I am profiling with YourKit on random reducers. I'm also running on
HDFS, so I don't know how one would go about disabling CRCs.
-Bryan
On Oct 6, 2008, at 4:35 PM, Doug Cutting wrote:
How are you profiling? I don't trust most profilers.
Have you tried, e.g., disabling checksums and seeing how much
performance is actually gained? For the local filesystem, you can
easily disable checksums by binding file: URI's to
RawLocalFileSystem in your configuration.
Doug
Bryan Duxbury wrote:
Hey all,
I've been profiling our map/reduce applications quite a bit over
the last few weeks to try and get some performance improvements in
our jobs. I noticed an interesting bottleneck in Hadoop itself I
thought I should bring up.
FSDataOutputStream appears to create a CRC of the data being
written via FSOutputSummer.write1. It uses the built-in Java CRC32
implementation to do so. However, out of a 41-second reducer main
thread, this CRC call is taking up around 13 seconds, or about
32%. This appears to dwarf the actual writing time
(FSOutputSummer.flushBuffer) which only takes 1.9s (5%). This
seems like an incredibly large amount of overhead to pay.

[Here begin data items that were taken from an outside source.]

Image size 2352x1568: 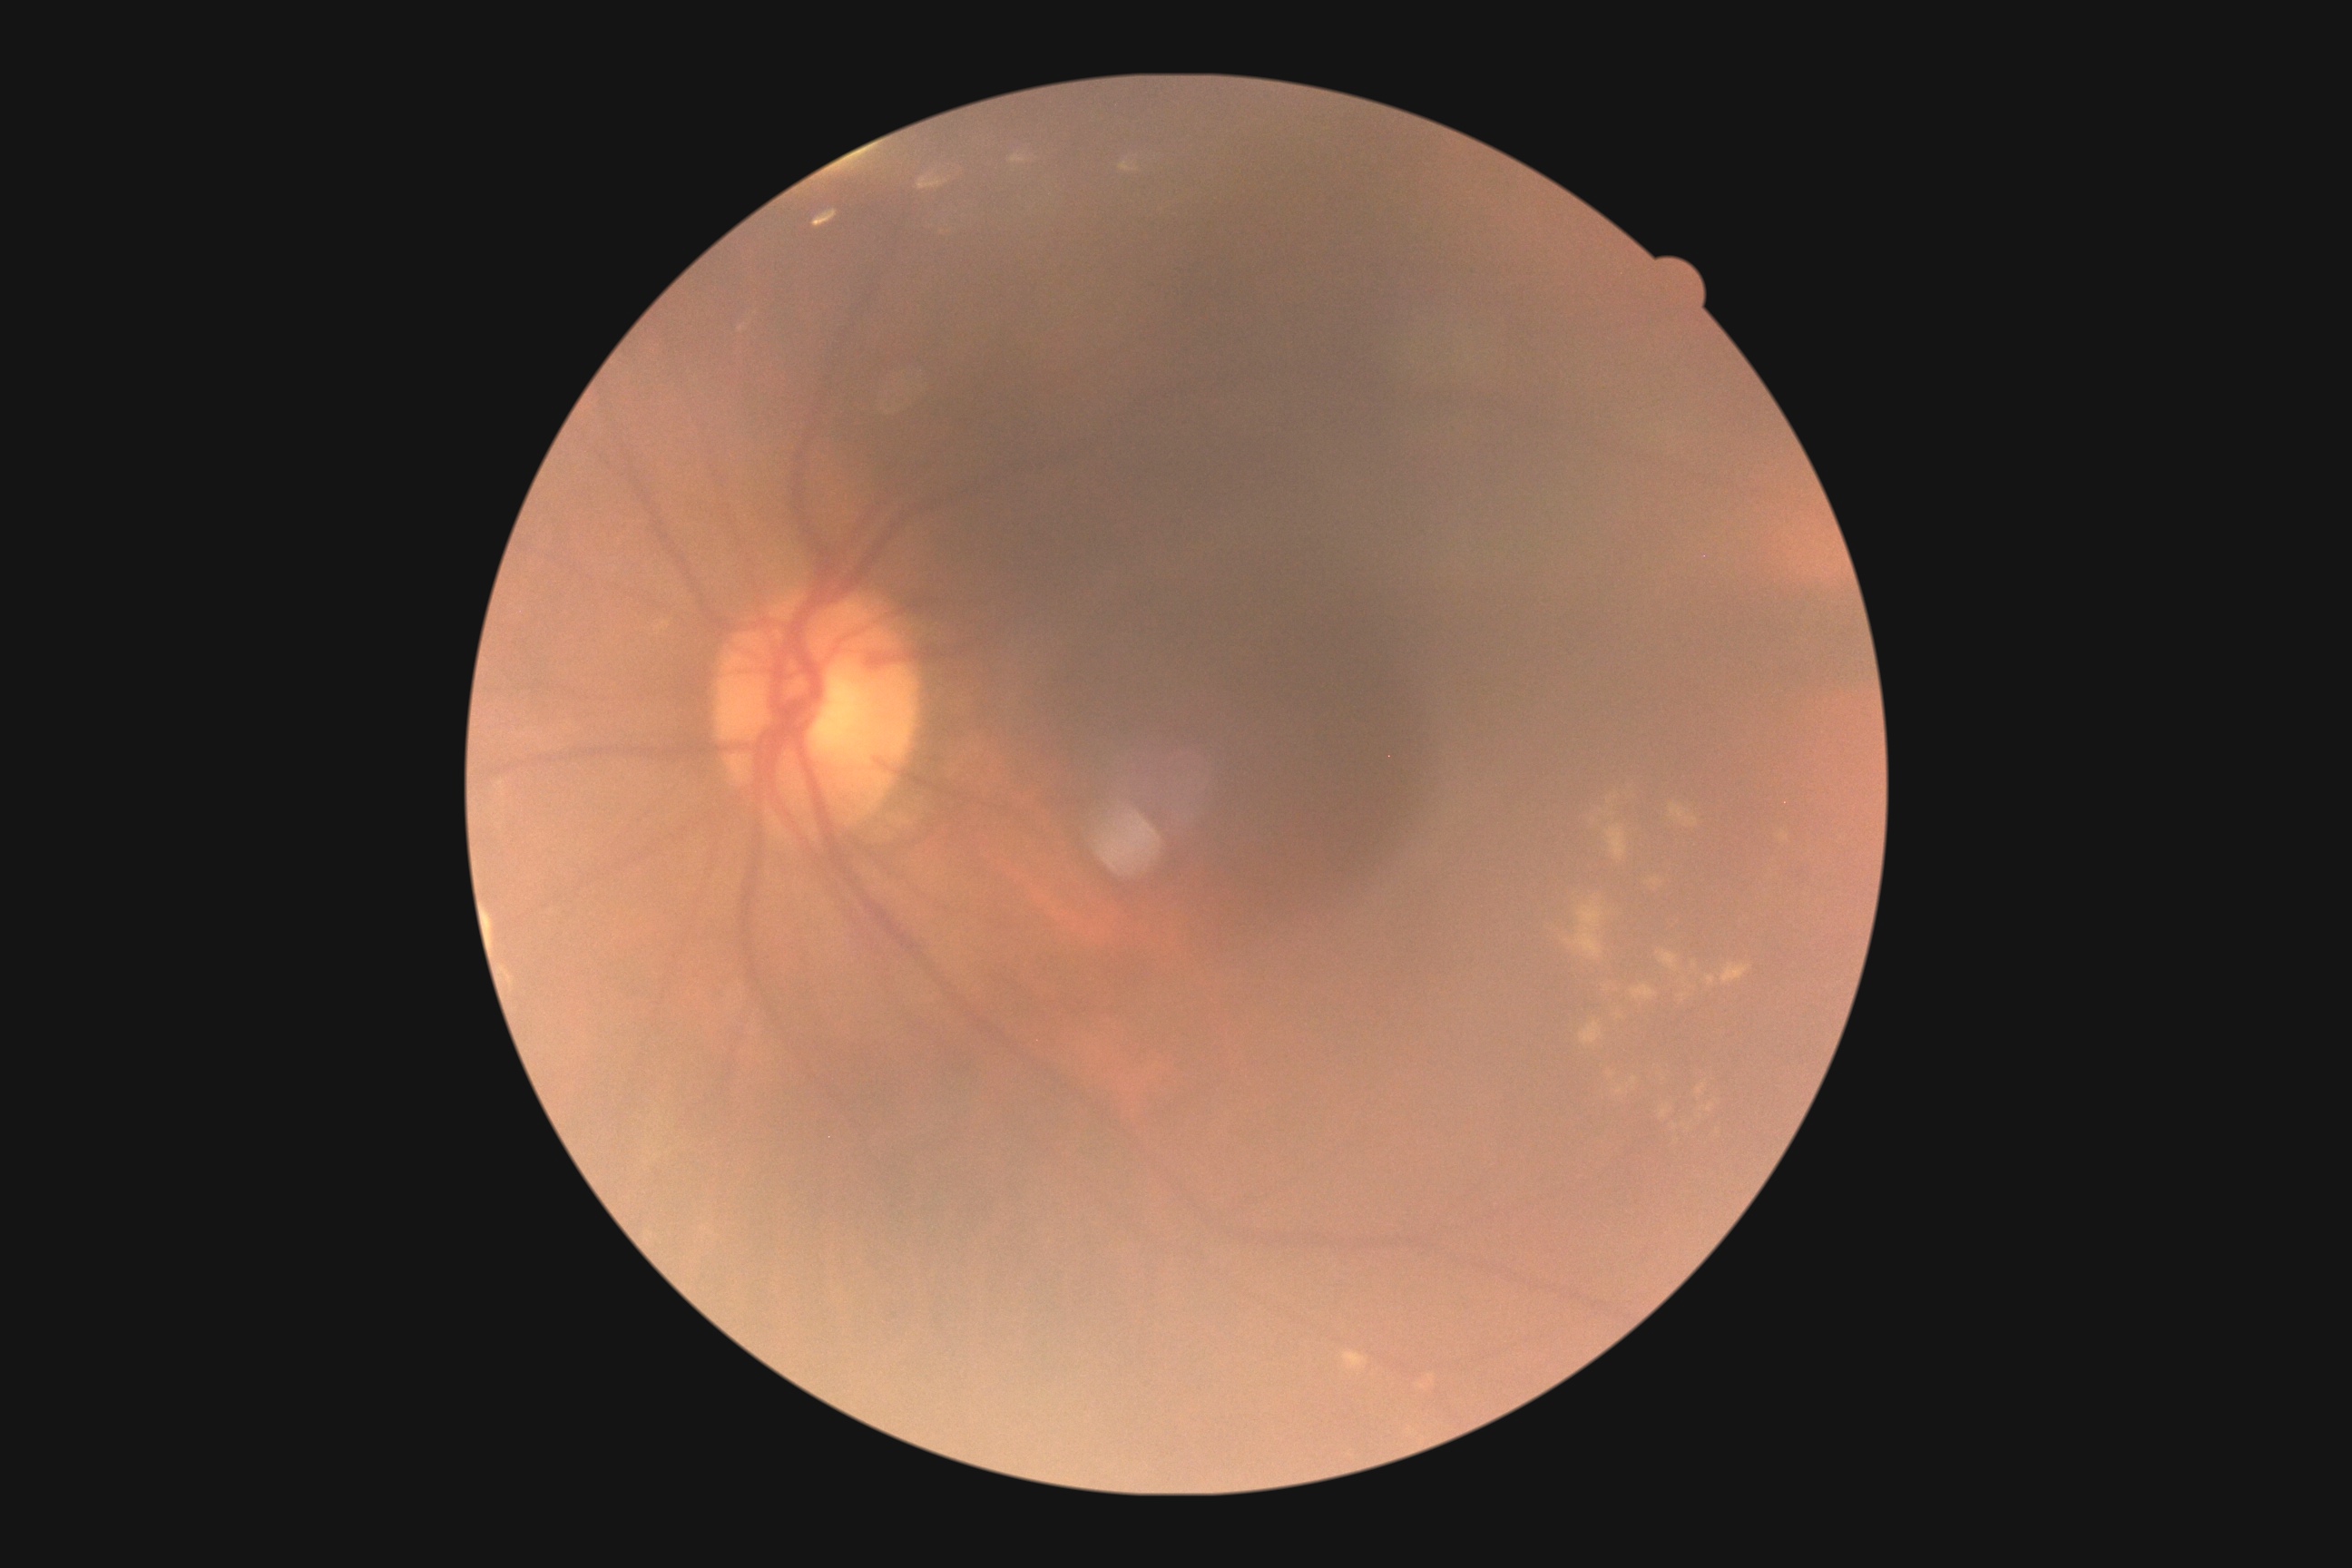
Diabetic retinopathy severity: moderate NPDR (grade 2).
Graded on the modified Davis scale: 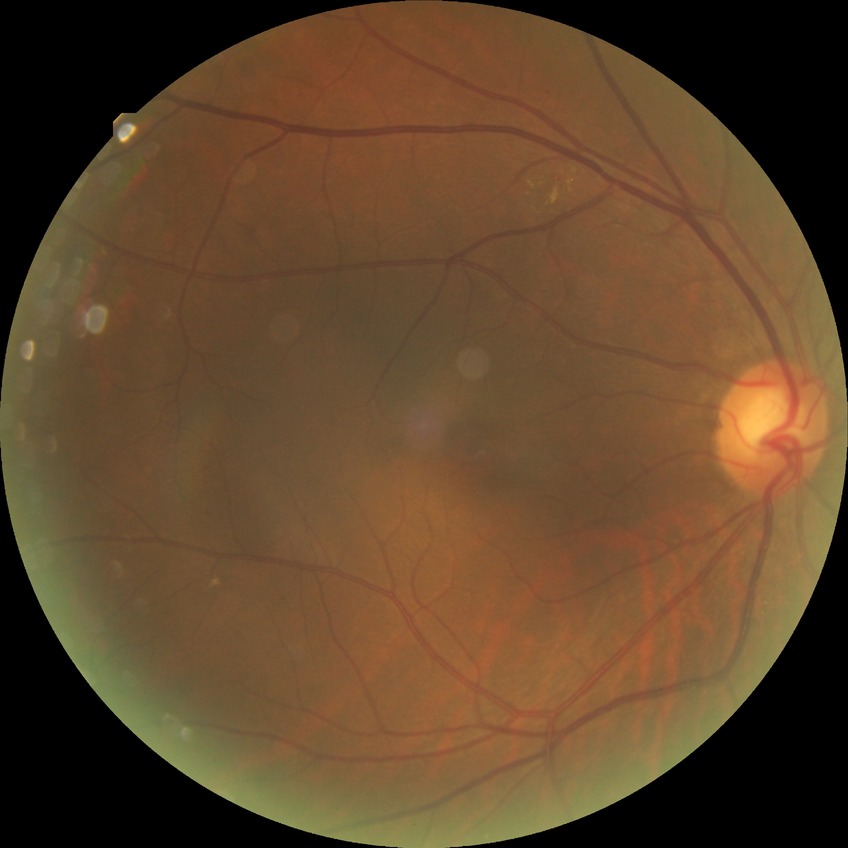

{
  "davis_grade": "simple diabetic retinopathy",
  "proliferative_class": "non-proliferative diabetic retinopathy"
}
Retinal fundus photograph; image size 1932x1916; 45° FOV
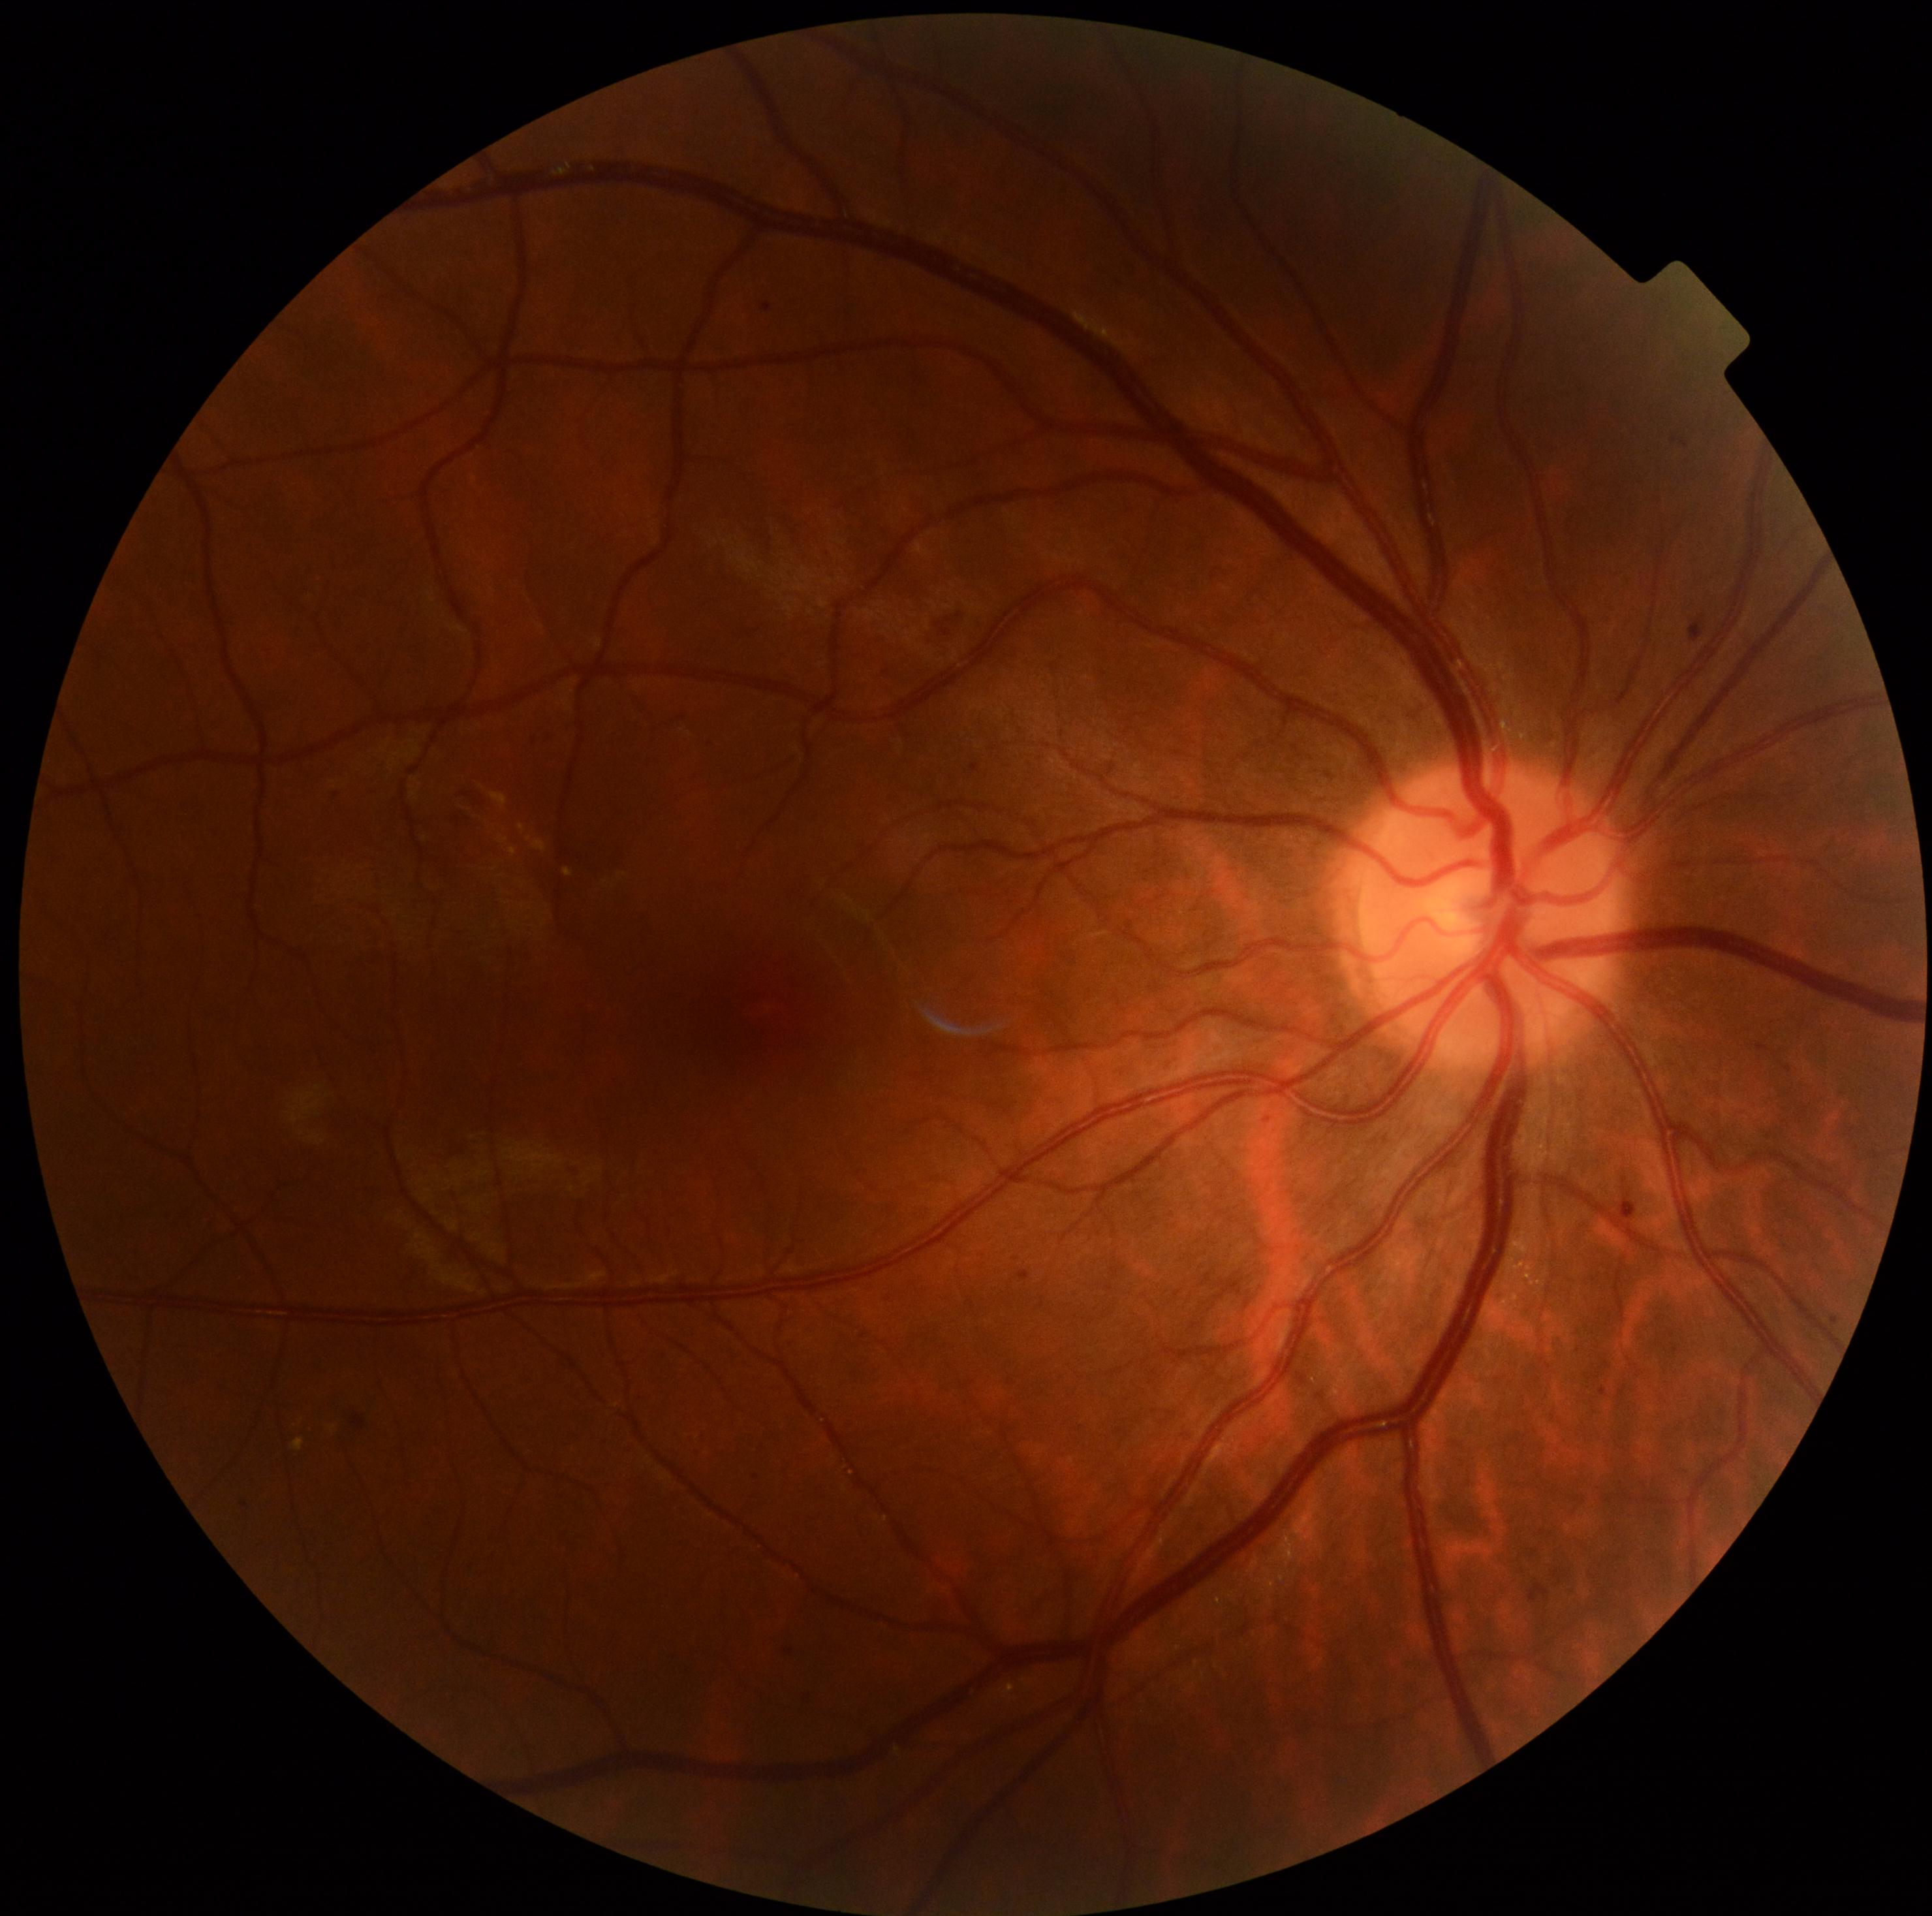 diabetic retinopathy grade@2 (moderate NPDR) — more than just microaneurysms but less than severe NPDR.

To my surprise, there's already a faster CRC implementation in the
Java standard library called Adler32 which is described as "almost
as reliable as a CRC-32 but can be computed much faster". This
sounds very attractive, indeed. Some quick tests indicate that
Adler32 is about 3x as fast.
Is there any reason why CRC32 was chosen, or why Adler32 wouldn't
be an acceptable CRC? I understand that Adler32 is bad for small
messages (small as in hundreds of bytes), but since this is behind
a buffered writer, the messages should all be thousands of bytes
to begin with. Worst case, I guess we could select the CRC
algorithm based on the size of the message, using CRC32 for small
messages and Adler32 for bigger ones.
-Bryan